Now I sense an intense curiosity to know who I am before the loneliness, when all I knew was the abiding alive sense of peace.  Maybe my mistaken presumption was that first I would remember who I truly am and then I would know again that vibrantly alive peace.  It occurs to me now perhaps that’s entirely inverse; remember to tap into…entrain to my inherently vibrantly alive peace, and then, then I will know who I am.

And while I am not yet clear on how, I am clearer than ever that reawakening the Divine Feminine in my self/Self is the crucial connection between what is and what is possible; an awakening of the collective Divine Feminine is a crucial component in the transformation of what’s possible in the human evolution experience.

The work of Speaking Peace to Power affirms and serves this awakening.

Atonement

01 24, 2021

“When you know who you truly are, there is an abiding alive sense of peace. You could call it “joy” because that’s what joy is: vibrantly alive peace. It is the joy of knowing yourself as the very life essence before life takes on form. That is the joy of Being – of being who you truly are.” Eckhart Tolle

There’s a path not taken…

A path taken off course…

A mistaken identity, a misfire, a disruption….another failing.

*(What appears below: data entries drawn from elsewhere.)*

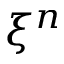
\xi ^ { n }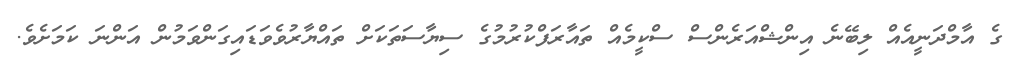
ގެ އާމްދަނީއެއް ލިބޭނެ އިންޝްއަރެންސް ސްކީމެއް ތައާރަފްކުރުމުގެ ސިޔާސަތަކަށް ތައްޔާރުވެވަޑައިގަންވަމުން އަންނަ ކަމަށެވެ.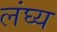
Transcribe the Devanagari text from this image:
लंघ्य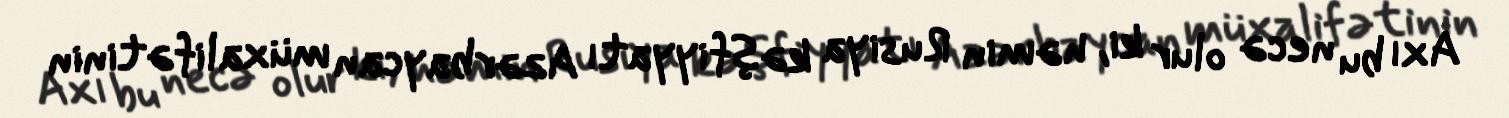
Axı bu necə olur ki, həmin Rusiya kəşfiyyatı Azərbaycan müxalifətinin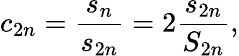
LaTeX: c_{2n}={\frac{s_{n}}{s_{2n}}}=2{\frac{s_{2n}}{S_{2n}}},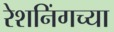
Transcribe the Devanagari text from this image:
रेशनिंगच्या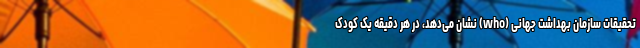
تحقیقات سازمان بهداشت جهانی (who) نشان می‌دهد، در هر دقیقه یک کودک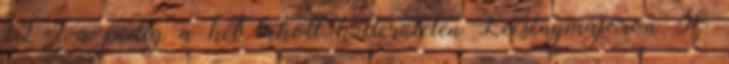
12 %-a pedig a két lakott külterületen Lecsénymajoron 36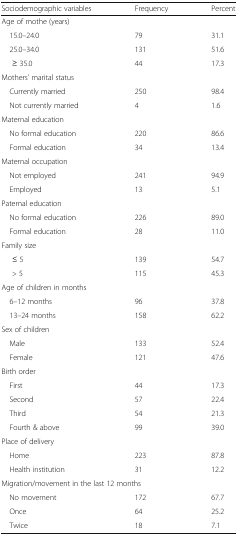
| Sociodemographic variables | Frequency | Percent |
 | --- | --- | --- |
 | <COLSPAN=3> Age of mothe (years) |
 | 15.0–24.0 | 79 | 31.1 |
 | 25.0–34.0 | 131 | 51.6 |
 | ≥ 35.0 | 44 | 17.3 |
 | <COLSPAN=3> Mothers’ marital status |
 | Currently married | 250 | 98.4 |
 | Not currently married | 4 | 1.6 |
 | <COLSPAN=3> Maternal education |
 | No formal education | 220 | 86.6 |
 | Formal education | 34 | 13.4 |
 | <COLSPAN=3> Maternal occupation |
 | Not employed | 241 | 94.9 |
 | Employed | 13 | 5.1 |
 | <COLSPAN=3> Paternal education |
 | No formal education | 226 | 89.0 |
 | Formal education | 28 | 11.0 |
 | <COLSPAN=3> Family size |
 | ≤ 5 | 139 | 54.7 |
 | > 5 | 115 | 45.3 |
 | <COLSPAN=3> Age of children in months |
 | 6–12 months | 96 | 37.8 |
 | 13–24 months | 158 | 62.2 |
 | <COLSPAN=3> Sex of children |
 | Male | 133 | 52.4 |
 | Female | 121 | 47.6 |
 | <COLSPAN=3> Birth order |
 | First | 44 | 17.3 |
 | Second | 57 | 22.4 |
 | Third | 54 | 21.3 |
 | Fourth & above | 99 | 39.0 |
 | <COLSPAN=3> Place of delivery |
 | Home | 223 | 87.8 |
 | Health institution | 31 | 12.2 |
 | <COLSPAN=3> Migration/movement in the last 12 months |
 | No movement | 172 | 67.7 |
 | Once | 64 | 25.2 |
 | Twice | 18 | 7.1 |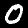
Label: 0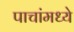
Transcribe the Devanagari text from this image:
पाचांमध्ये
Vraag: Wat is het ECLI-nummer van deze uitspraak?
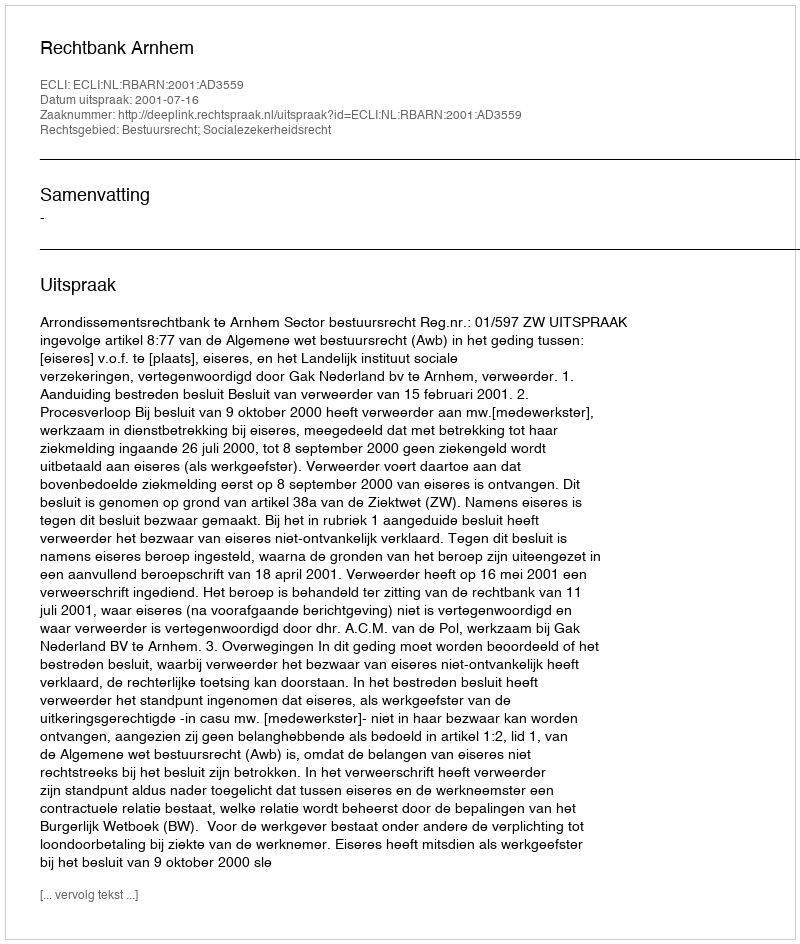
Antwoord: ECLI:NL:RBARN:2001:AD3559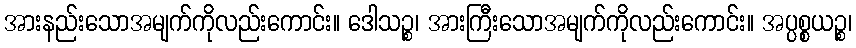
အားနည်းသောအမျက်ကိုလည်းကောင်း။ ဒေါသဉ္စ၊ အားကြီးသောအမျက်ကိုလည်းကောင်း။ အပ္ပစ္စယဉ္စ၊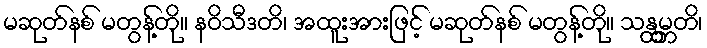
မဆုတ်နစ် မတွန့်တို။ နဝိသီဒတိ၊ အထူးအားဖြင့် မဆုတ်နစ် မတွန့်တို။ သန္ထမ္ဘတိ၊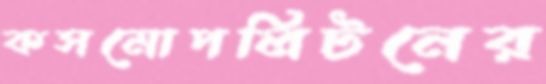
কসমোপলিটনের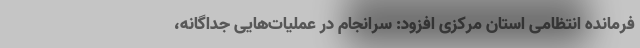
فرمانده انتظامی استان مرکزی افزود: سرانجام در عملیات‌هایی جداگانه،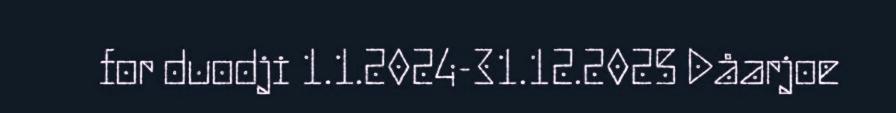
for duodji 1.1.2024-31.12.2025 Dåarjoe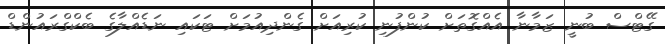
ގޭޓްސް ބުނީ ޒަމާނާ އެއްގޮތަށް ކުންފުނި ކުރިއަށް ގެންދިއުމަށް ޓަކައި ނަޑެއްލާގެ ބެކްގްރައުންޑް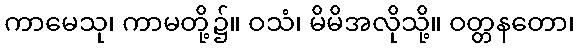
ကာမေသု၊ ကာမတို့၌။ ဝသံ၊ မိမိအလိုသို့။ ဝတ္တနတော၊

I’ve got to fill in these holes,” I said.

Silence.….

“Trust, ” She said, “your connection is unstable now.”

“I should atone somehow.”

“No atonement required.

Allow Me to be bigger than your thought of Me,” She said.

“I would so like to express myself authentically professionally,” I said.

She said, “What’s always on offer – solely, ever – is your connection to the Infinite, to Self.  What’s the most expanded consciousness you can allow?  From there you can encourage others to allow that same connection to guide their experience.  There is no order of difficulty.”

“There is hope in that,” I said.

“I am calling on you,” they both said.

Resignation

01 24, 2021

Sometimes when I look up from the sink after washing my face and see her in the mirror, see how much older she is than I am, I think it’s time to move on from this interminable quest for work, a quest that has become so familiar it feels like home.  Work has always felt empty.  But who I really AM, what matters, that’s not empty.

But there’s something about resignation, there’s no relief in it.  It doesn’t bring Peace.

Can I ask myself to experience peace even though nothing may ever change.  When I think I’ve experienced peace in the domain of ‘work’, I wonder if it’s actually resignation, submission to the crushing weight of Reality saying, “Admit and accept that you will never know the beauty of standing in your own radiance feeling the joy of ‘Ahh, this. This is what I’m here for.’

Over the course of the past week’s inquiry, lots of memories have come up, swirled around … only the occasional shimmer or a shard of insight.

The one about moving to very rural Texas just as I turned 12.   The high school I would go to was smaller than my elementary school in Dallas. It might as well have been Mars.  My friends in Dallas were continuing their violin lessons, foreign language classes, learning about the world.  I can see now the meaning I made of that, and glimpses of that conclusion still repeat.  ‘I will never be the person I thought I could be.’  But it wasn’t resignation then, it was fury, resentment, rebellion and contempt.  Burn the house down.

The memory about showing horses, Fashion Design school, a year abroad to study language in college that wasn’t….  memories about times I tried to step out into a world of mastering a skill…but…something would happen, and nothing would happen.

Face it.

But I don’t like looking into the past for answers.  What’s the secret of happiness?… stop being unhappy.

Where is my bridge of Peace into ‘My Wildly Profound Work in the World’?  I experience Peace and trust it, until I turn my attention to the domain of work.  I try to close my eyes and imagine a world in which I make a congruent and authentic contribution, feeling whole where once I felt divided, recognizing the joy of meaningful work. 

Truth:  I do not have a vision of that world. 

Truth:  I long for wholeheartedness.

Truth:  I’m afraid that this is all there is.